Simulations can be performed with the graphical user interface. However in some occasions, a stand alone simulator is useful for example for automatic validation or model extraction from simulation.

A simulator object is an object from the class ChartSimulator defined in the package: models.guard_transitions.simulator.chart_simul. It is created by a call to the constructor ChartSimulator() without parameter. The object obtained is just an empty shell which can be turn into a real model by the method build(self, chart_model, sim_option, reporter. The parameter chart_model is an object representing a guarded transition model, sim_option must be set to True and reporter is an error reporter object similar to the ones used in constructors of XXXAnalyser classes.

Some models have no free events neither inputs and can be simulated as it. Their evolution relation is a deterministic function. When inputs and/or events are parts of the model, providing an input/event sequence is mandatory to perform a simulation.
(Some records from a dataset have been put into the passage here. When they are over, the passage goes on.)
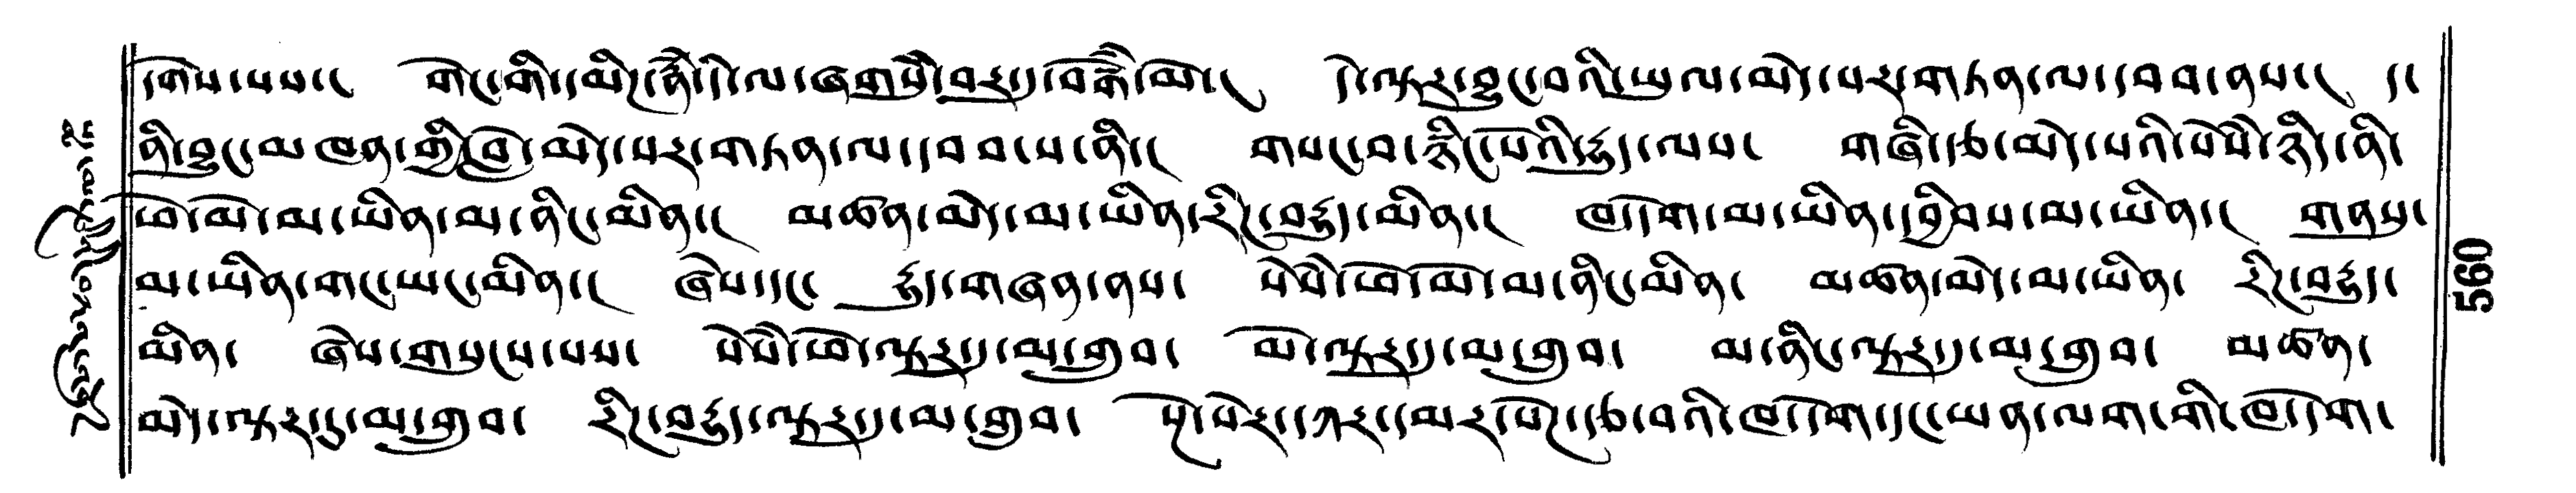དགོས་པས། གོང་གི་དམིགས་རྣམ་དེ་ལ་ཞག་གསུམ་བར་དུ་བསྒོམ་མོ། དེ་ལྟར་བྱུང་སའི་ཡུལ་མེད་པར་གཏན་ལ་དབབ་ནས། ད་
ནི་བྱུང་མཁན་གྱི་བློ་མེད་པར་གཏན་ལ་དབབ་པ་ནི། གསང་བ་སྙིང་པོའི་རྒྱུད་ལས། གཞི་རྩ་མེད་པའི་སེམས་ཉིད་ནི། །
ཕོ་མོ་མ་ཡིན་མ་ནིང་མིན། །མཚན་མེད་མ་ཡིན་རིགས་བརྒྱུད་མིན། ཁ་དོག་མ་ཡིན་དབྱིབས་མ་ཡིན། །གནས་སུ་
མ་ཡིན་གང་ཡང་མིན། ཞེས་དང་། རྒྱུད་གཞན་ལས། སེམས་ཕོ་མོ་མ་ནིང་མིན། མཚན་མེད་མ་ཡིན། རིགས་བརྒྱུད་
མིན། ཞེས་གསུངས་པས། སེམས་ཕོ་ལྟར་དུ་མ་གྲུབ། མོ་ལྟར་དུ་མ་གྲུབ། མ་ནིང་ལྟར་དུ་མ་གྲུབ། མཚན་
མེད་ལྟར་དུ་མ་གྲུབ། རིགས་བརྒྱུད་ལྟར་དུ་མ་གྲུབ། སྔོ་སེར་དཀར་དམར་སོགས་རྩ་བའི་ཁ་དོག་དང་ཡན་ལག་གི་ཁ་དོག་

Input management is performed by an object from the InputStream class define in models.guard_transitions.simulator.input_stream. The objects from this class provide correct input to the simulator at each step of the simulation. The description of input and event sequences can use different formats. When the format is the one used for results from a MCLAnalyser method, the method set_act_input_stream(input_clocks) of the ChartSimulator class, provides a simulator with the correct InputStream object. The parameter input_clocks is a list of strings specifying the input and event sequence as in [’%’, ’% h2’, ’% i4 % h3’, ’% h4’].

The main methods of the simulator are:

simul_init_places(init_places): for initializations. The parameter init_places is the list of names of places activated at the start of the simulation.

simul_step(): performs a simulation step. When a transition is fired it is marked (activated = True), the origin is marked unactivated (activated = False) and the target is marked as activated.

Activation mark of transitions and places in a model can be reset with the clean() method of the ChartModel object.

A simulation can be supervised for invariant properties and reachable properties. Such properties can be registered in the simulator object by the two methods:

set_invariant_prop(prop): the parameter prop is a string specifying the property as a textual boolean expression on place variables. These expressions are submitted to the same restrictions than transition conditions.

set_reachable_prop(prop): similar to the invariant property

The invariant property is checked at the end of each simulation step. If it is violated, an exception is raised. The reachable property is checked by a method:

check_reachable_prop(): which returns a boolean. This method can be used after each simulation step. For invariant property we can also use a similar method: check_inv_conditions().